Fez vários pedidos à Santa Sé no sentido de que fosse realizada a Consagração do mundo ao Imaculado Coração de Maria, o que Pio XII fez, numa mensagem transmitida, a partir de Fátima, nos 25 anos das Aparições. Este ato foi repetido na Basílica de São Pedro, no Vaticano, a 8 de dezembro do mesmo ano. A partir de 1942, deixou de se alimentar, viveu em completo jejum e total anúria, sentia o sofrimento da fome e da sede, mas o seu físico tudo rejeitava. Durante treze anos apenas se alimentava com a comunhão eucarística, diária.

Antes de falecer, escreveu o epitáfio que gostaria ficasse sobre a sua campa. E lá se encontra, assim: “Pecadores: Se as cinzas do meu corpo vos tem utilidade para vos salvardes, aproximai-vos, passai por cima delas, calcai-as até que desapareçam, mas não pequeis mais, não ofendais mais o nosso Jesus. Pecadores, tantas coisas quereria dizer-vos! Não me chegava este grande cemitério para as escrever!… Convertei-vos! Não ofendais a Jesus, não queirais perdê-Lo eternamente! Ele é tão bom! Basta de pecar! Amai-O! Amai-O!».

Treze anos antes de morrer, escrevia: “Desejo ser sepultada, se for possível, com o rosto voltado para o sacrário da nossa igreja; pois como em vida sempre desejei unir-me a Jesus sacramentado e olhar para o sagrado Tabernáculo, assim também depois da minha morte desejo continuar a velá-lo, conservando-me voltada para ele. Sei que com os olhos do meu corpo já não verei a Jesus, mas desejo ser colocada naquela posição, para demonstrar o amor que sinto pela sagrada Eucaristia”. Foi beatificada em 25 de abril de 2004.
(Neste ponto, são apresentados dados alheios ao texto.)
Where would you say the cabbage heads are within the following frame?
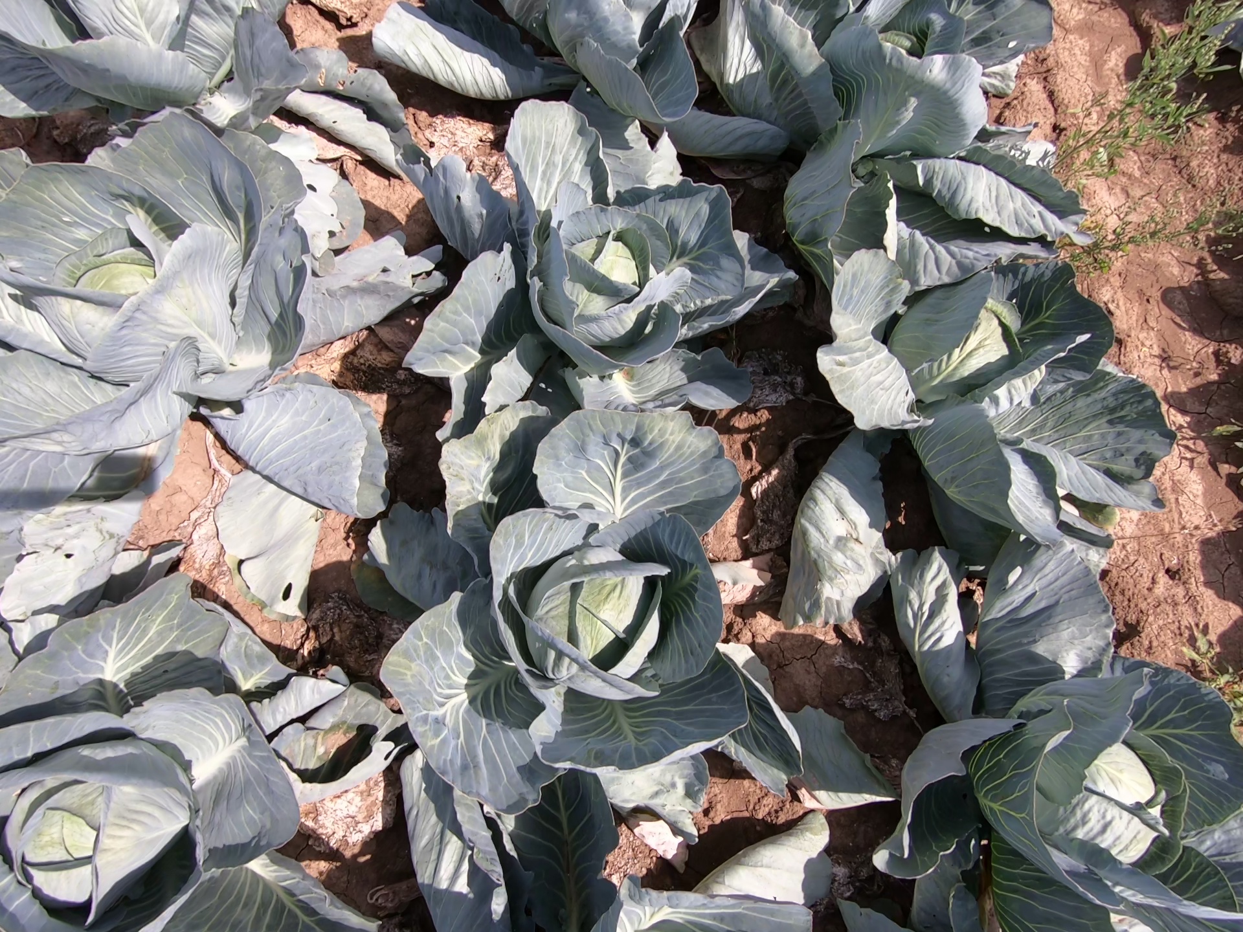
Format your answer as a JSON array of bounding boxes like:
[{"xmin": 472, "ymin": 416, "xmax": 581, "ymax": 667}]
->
[
  {"xmin": 896, "ymin": 291, "xmax": 1027, "ymax": 410},
  {"xmin": 60, "ymin": 242, "xmax": 221, "ymax": 373},
  {"xmin": 76, "ymin": 0, "xmax": 236, "ymax": 77},
  {"xmin": 552, "ymin": 0, "xmax": 688, "ymax": 73},
  {"xmin": 1014, "ymin": 716, "xmax": 1164, "ymax": 876},
  {"xmin": 836, "ymin": 34, "xmax": 935, "ymax": 150},
  {"xmin": 12, "ymin": 750, "xmax": 190, "ymax": 908},
  {"xmin": 547, "ymin": 235, "xmax": 647, "ymax": 348},
  {"xmin": 528, "ymin": 553, "xmax": 662, "ymax": 689}
]
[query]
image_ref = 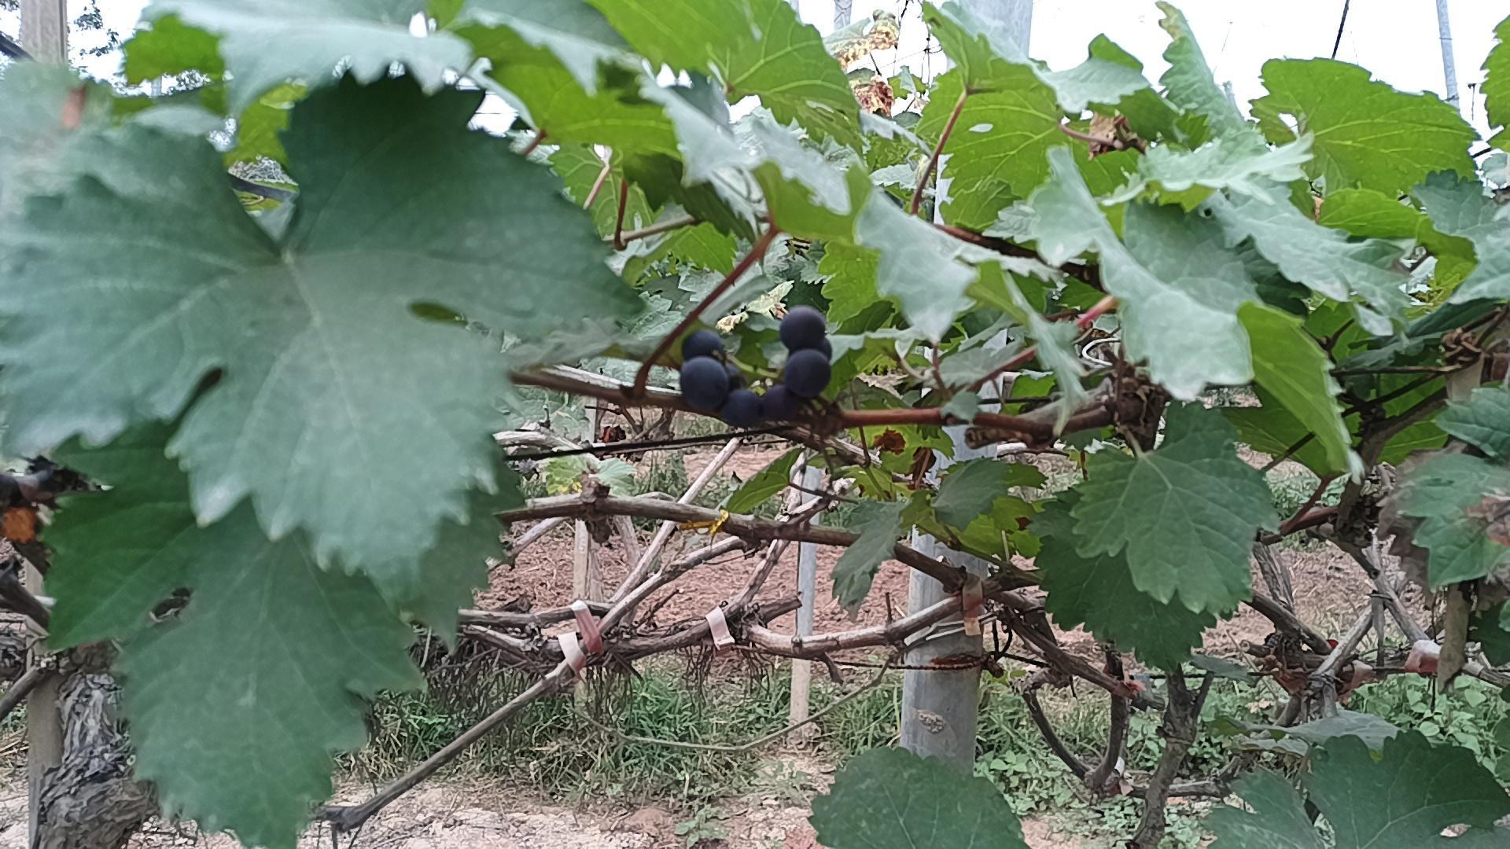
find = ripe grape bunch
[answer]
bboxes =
[679,306,832,428]
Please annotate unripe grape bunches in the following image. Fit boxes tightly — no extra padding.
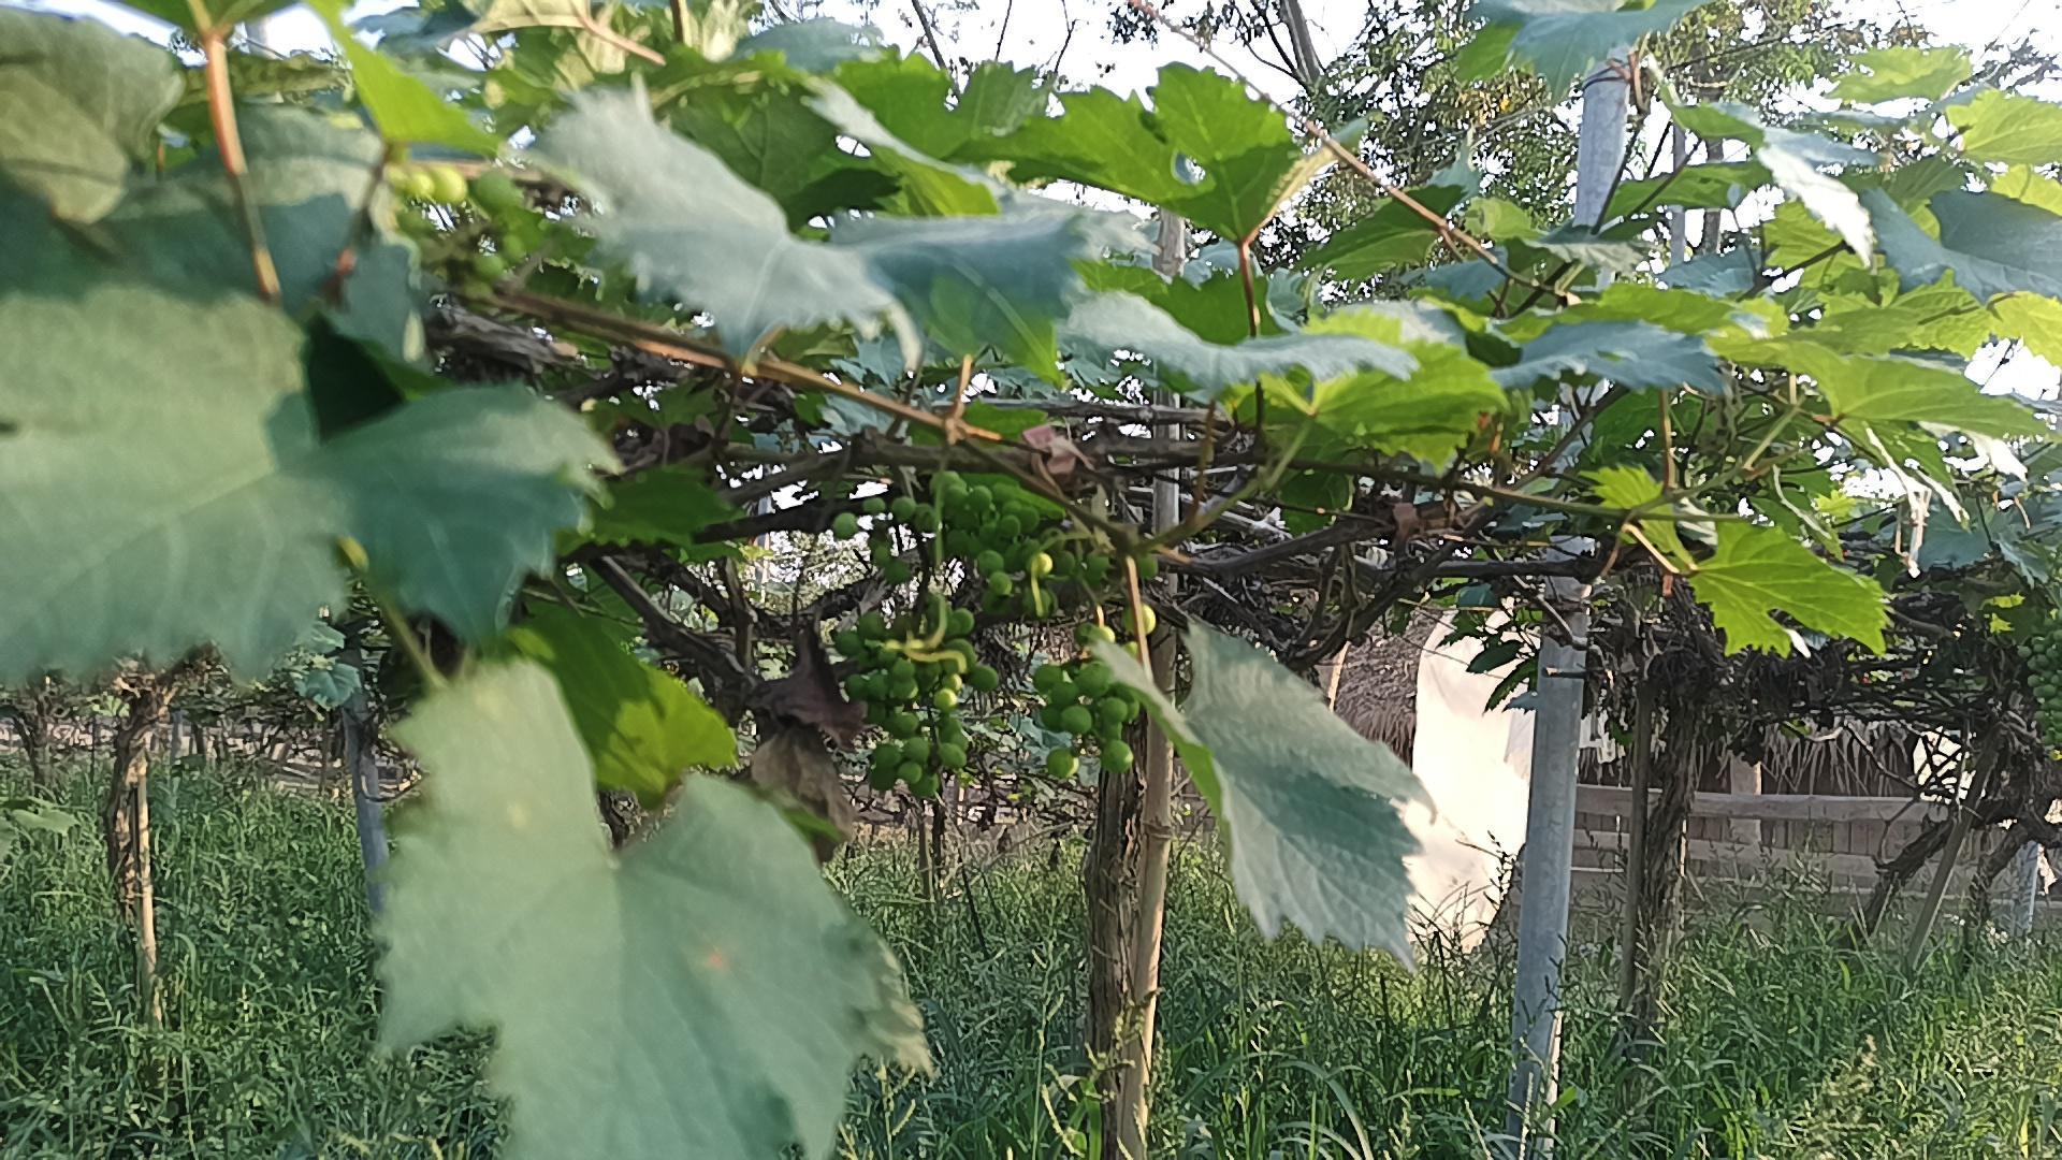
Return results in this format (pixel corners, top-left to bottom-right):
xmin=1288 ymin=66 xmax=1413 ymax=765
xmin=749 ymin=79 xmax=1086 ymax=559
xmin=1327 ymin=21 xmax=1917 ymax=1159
xmin=2019 ymin=612 xmax=2061 ymax=757
xmin=833 ymin=472 xmax=1119 ymax=621
xmin=386 ymin=161 xmax=536 ymax=286
xmin=1137 ymin=556 xmax=1158 ymax=579
xmin=837 ymin=589 xmax=999 ymax=797
xmin=1033 ymin=600 xmax=1156 ymax=778
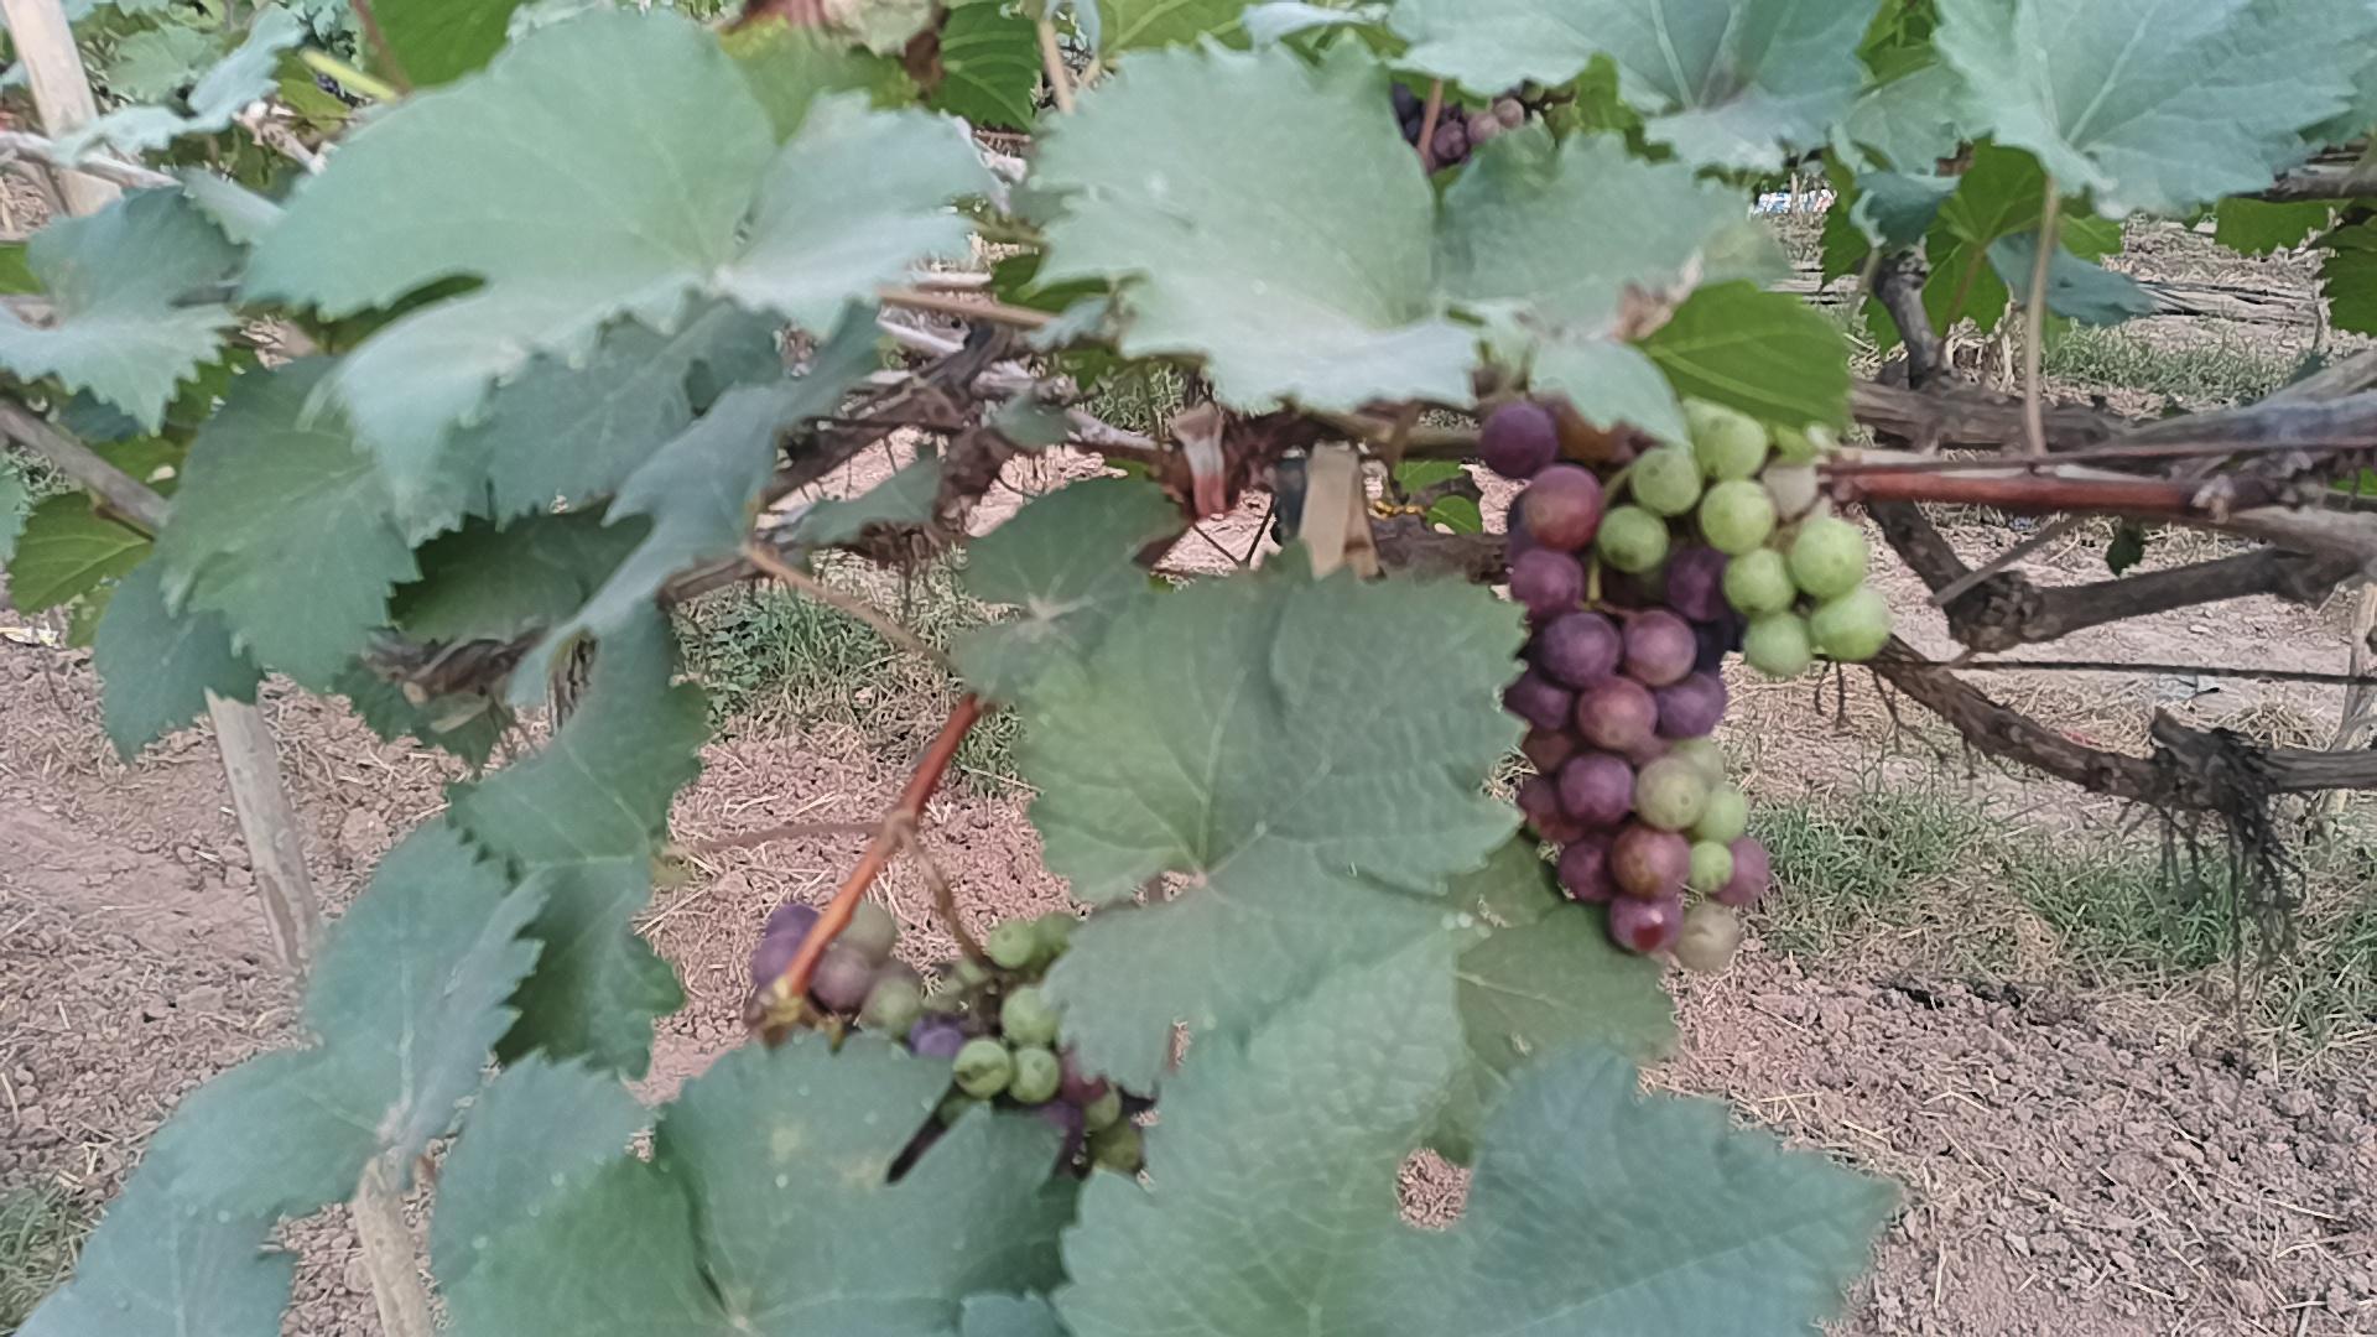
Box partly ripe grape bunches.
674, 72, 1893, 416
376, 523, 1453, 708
1393, 83, 1575, 172
747, 896, 1148, 1180
1479, 402, 1889, 968
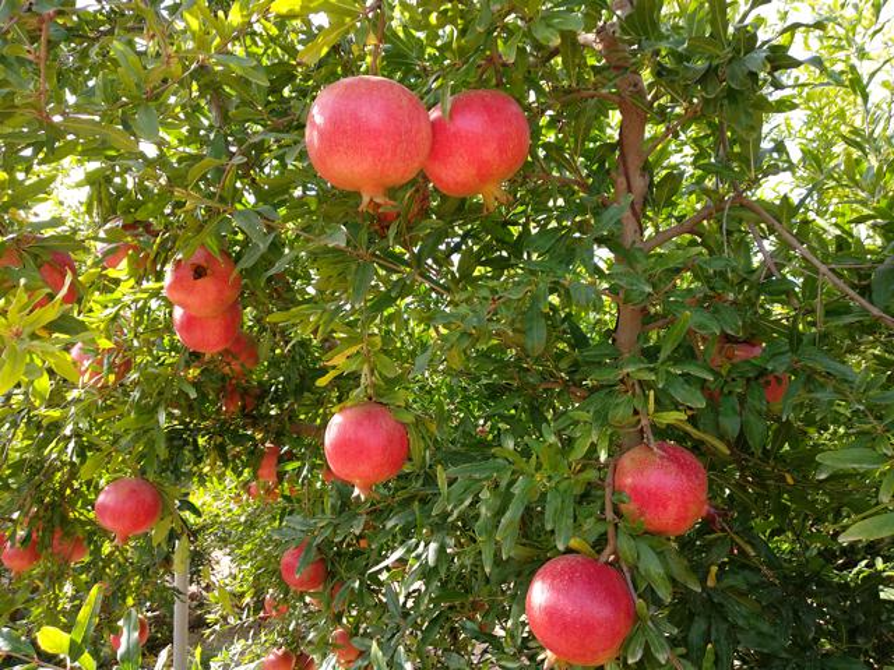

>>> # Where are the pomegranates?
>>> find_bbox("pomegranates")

Alexandrina é um “fruto maduro da graça e da liberdade”, é um “dom de Cristo à sua Igreja e ao mundo”, é uma cidadã universal, sem fronteiras. Por isso, Balazar continua a ser um ponto de convergência, um centro eucarístico e de reconciliação, um santuário onde chega muita gente, de perto e de longe, muita dela com feridas e dores no corpo e na alma. E se, em certos dias, há multidões agradecidas a celebrar a fé, noutros há gente que procura o silêncio para se encontrar consigo mesma e com Deus. Ali ecoa o mistério de Deus e a grandeza dos simples!